One of the unexpected adjustments I experienced following my wife’s death was to answer the question, “Who am I now that I’m not her husband?”
I did not realize just how much of my identity was wrapped up in being her husband. As time passed, I realized it was not uncommon to adjust when someone close to you was no longer there.
Recently a friend shared her experience with me. “Identity is often a secondary loss: i.e., Transitioning from a mother to childless, wife to widow, full-time caregiver to feeling purposeless. For three years, I was a full-time caregiver to my sick child. When he passed, I suddenly became ‘jobless’ and felt like I no longer had a daily purpose, even though I was still a mother. This job defined my days. It (still) is a huge transition period realizing and embracing a new or different identity. I stand firm in who I am, Christ, but losing my son majorly affected my daily life.” (Cameron M.)
One reality of being widowed was the challenge of thinking of myself as a “whole” single person and not half of a couple. My friends struggled with that as well. Some struggled with it so much that they pulled away from me. And for some, subtly, they viewed me as a threat to their wives. That is often true for both widowers and widows in social settings. Somehow being single is associated with being on the prowl or at least “available.”
Connecting the grieving process to the adjustment to life without my wife helped me understand some of my aches. The day-to-day chores and role responsibilities changed. Suddenly I was doing EVERYTHING by myself, whereas before, my wife and I shared what needed attention. Now I not only had to do all that was my daily life routine, not to mention all the extras following her death, but all the things that people expected of my wife fell on my shoulders. It took time to develop a new and somewhat encompassing routine with which I could cope.

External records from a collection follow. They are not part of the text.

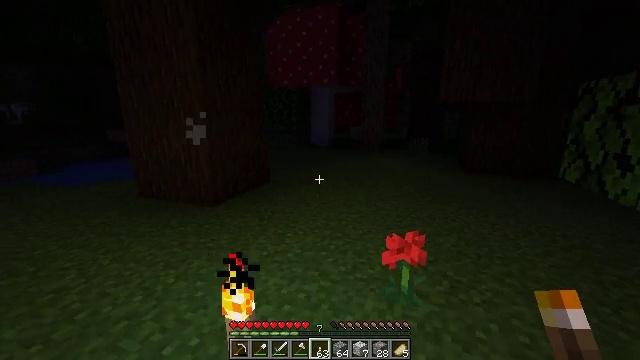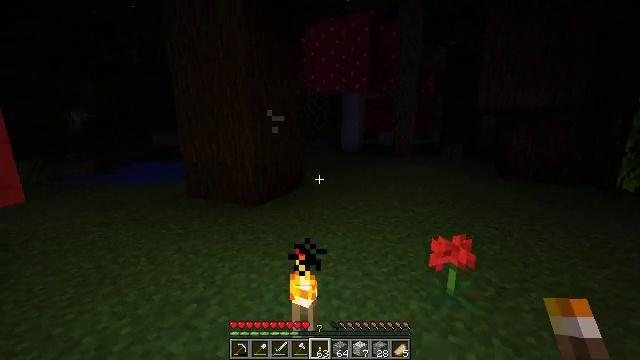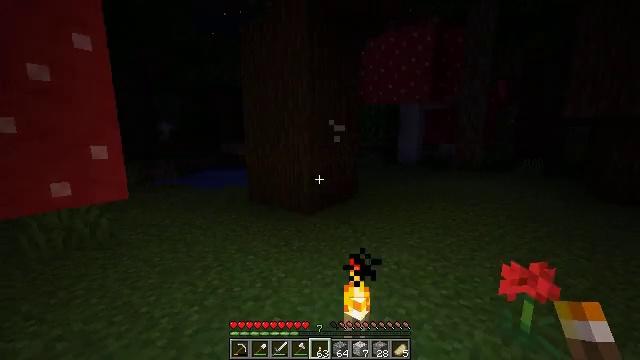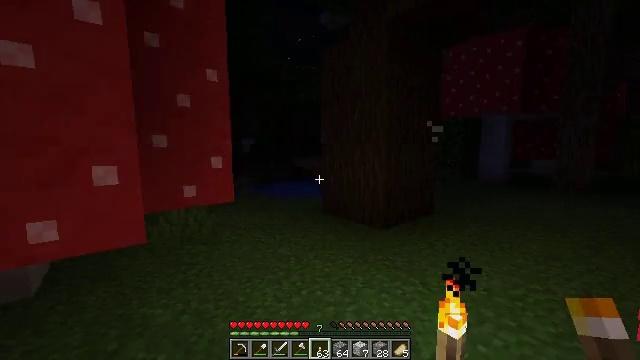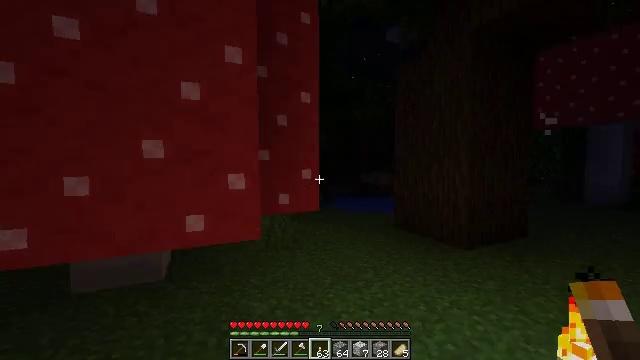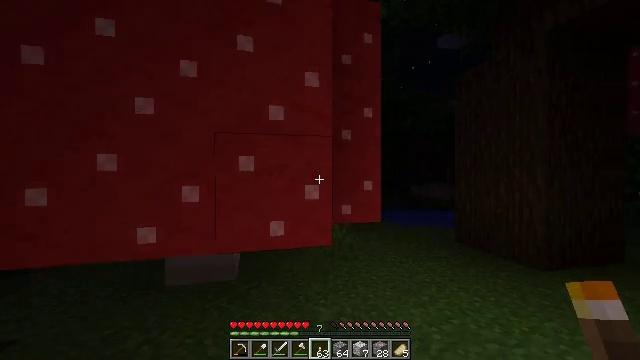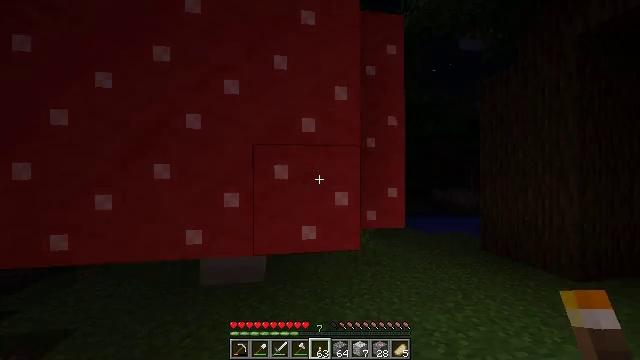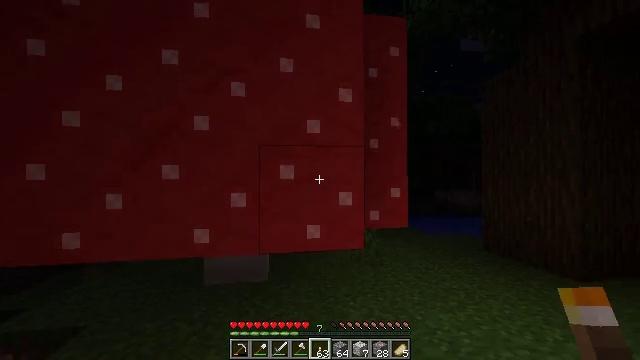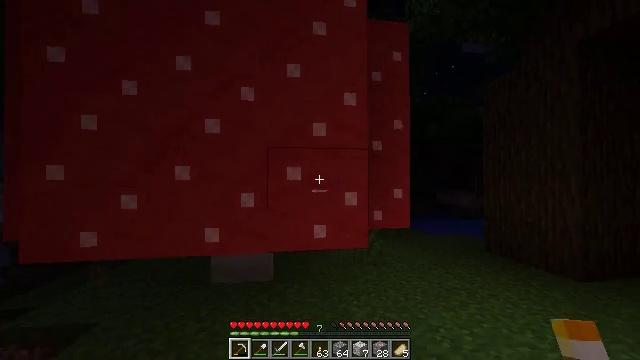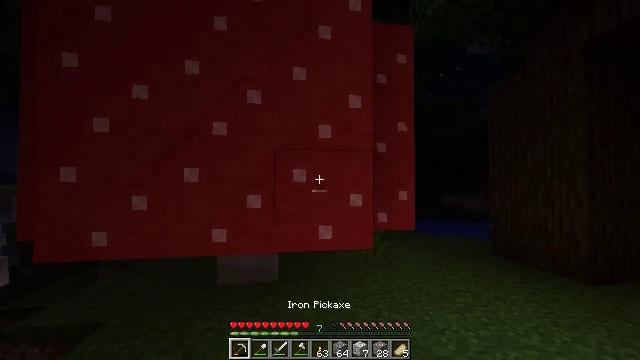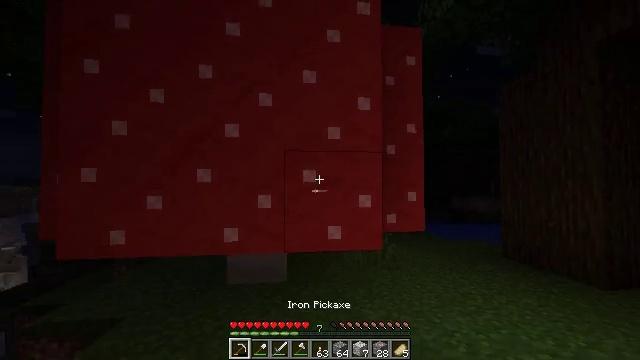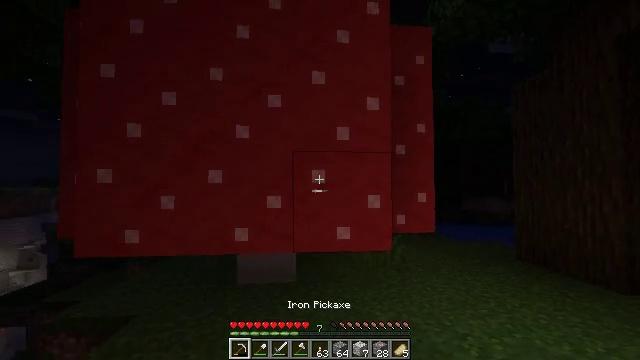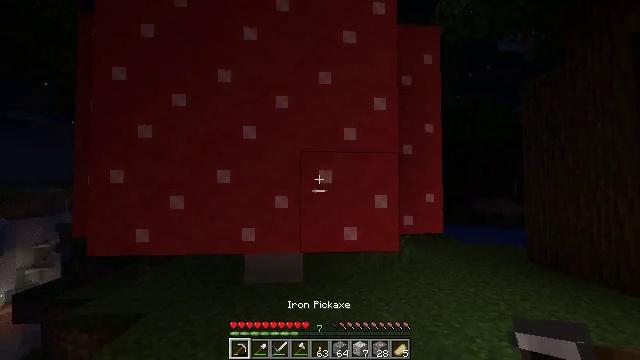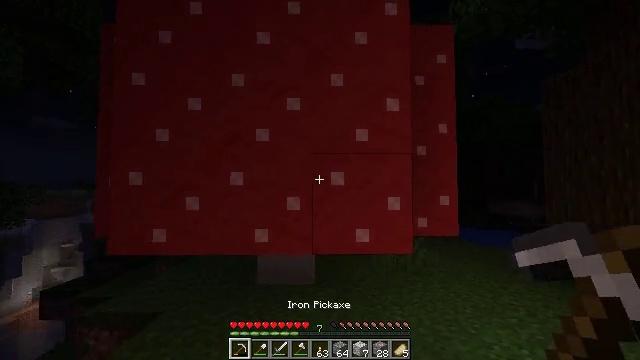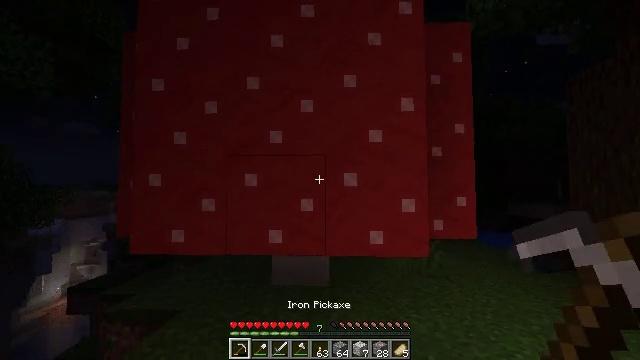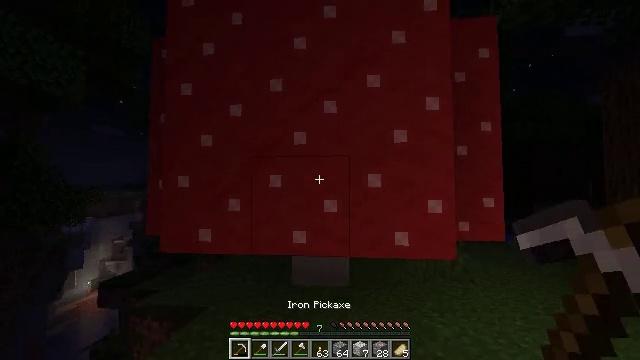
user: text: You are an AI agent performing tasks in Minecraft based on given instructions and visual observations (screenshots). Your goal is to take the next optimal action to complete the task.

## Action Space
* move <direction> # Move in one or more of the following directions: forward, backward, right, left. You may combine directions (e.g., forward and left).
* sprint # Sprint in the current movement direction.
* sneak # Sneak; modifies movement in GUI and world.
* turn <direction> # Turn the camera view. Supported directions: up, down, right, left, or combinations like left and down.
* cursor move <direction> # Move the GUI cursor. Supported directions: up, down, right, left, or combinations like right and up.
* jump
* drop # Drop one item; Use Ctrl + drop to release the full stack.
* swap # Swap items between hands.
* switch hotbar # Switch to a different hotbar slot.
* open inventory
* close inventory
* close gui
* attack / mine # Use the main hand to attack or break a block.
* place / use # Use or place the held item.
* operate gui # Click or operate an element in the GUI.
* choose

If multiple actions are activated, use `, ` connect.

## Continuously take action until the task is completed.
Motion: motion action
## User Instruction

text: Collect red mushroom blocks for building.
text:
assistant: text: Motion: move back and move left, turn left and up
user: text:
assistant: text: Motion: move back and move left, turn left and up
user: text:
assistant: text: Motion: move back and move left, turn left and up
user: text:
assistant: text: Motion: move back and move left, turn left and up
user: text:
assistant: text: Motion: move back and move left, turn left and up
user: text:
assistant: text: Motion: move back, turn left and up
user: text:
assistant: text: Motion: no_op
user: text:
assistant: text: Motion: switch to hotbar 1
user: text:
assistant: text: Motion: switch to hotbar 1
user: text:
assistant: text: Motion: turn left, switch to hotbar 1
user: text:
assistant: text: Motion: turn left, switch to hotbar 1
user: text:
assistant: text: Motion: turn left
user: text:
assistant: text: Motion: turn left
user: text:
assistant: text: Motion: turn left
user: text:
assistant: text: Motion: move left, turn left
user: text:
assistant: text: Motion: move forward and move left
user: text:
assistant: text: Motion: move forward and move left, attack / mine
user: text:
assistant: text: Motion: move forward and move left, attack / mine
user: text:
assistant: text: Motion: turn right and down, attack / mine
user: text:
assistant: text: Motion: turn right, attack / mine
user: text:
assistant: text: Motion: turn right, attack / mine
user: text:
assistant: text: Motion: turn right, attack / mine
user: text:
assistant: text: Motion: attack / mine
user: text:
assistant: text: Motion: attack / mine
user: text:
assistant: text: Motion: attack / mine
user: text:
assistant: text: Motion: attack / mine
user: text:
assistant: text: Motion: attack / mine

It was helpful that I knew enough not to make major decisions for a while until I got used to her being gone.
Part of this adjustment was relearning who I was. I was no longer her husband. I was now single, a different person, but still me. So, in addition to the grief and loneliness, I was going through an identity crisis. This adjustment included identifying and being satisfied with what I liked. That may seem strange to those groomed by the “me” culture. But I went from living in a large family to college roommates to being married and, soon, little kids. It was all about compromising and sharing.
Now I could explore simple things such as the style of music I had playing in the house, what type of movies I watched, how often I went out in the evenings, and what social events I chose to attend without considering another person. Of course, that is not always the case if children live with you, but it is very different when the house is silent.
This was the time to take advantage of the solitude, sort the boxes in storage, and reassess the contents’ value and relevance in my life with her gone. I was a whole single learning about myself and being okay with that.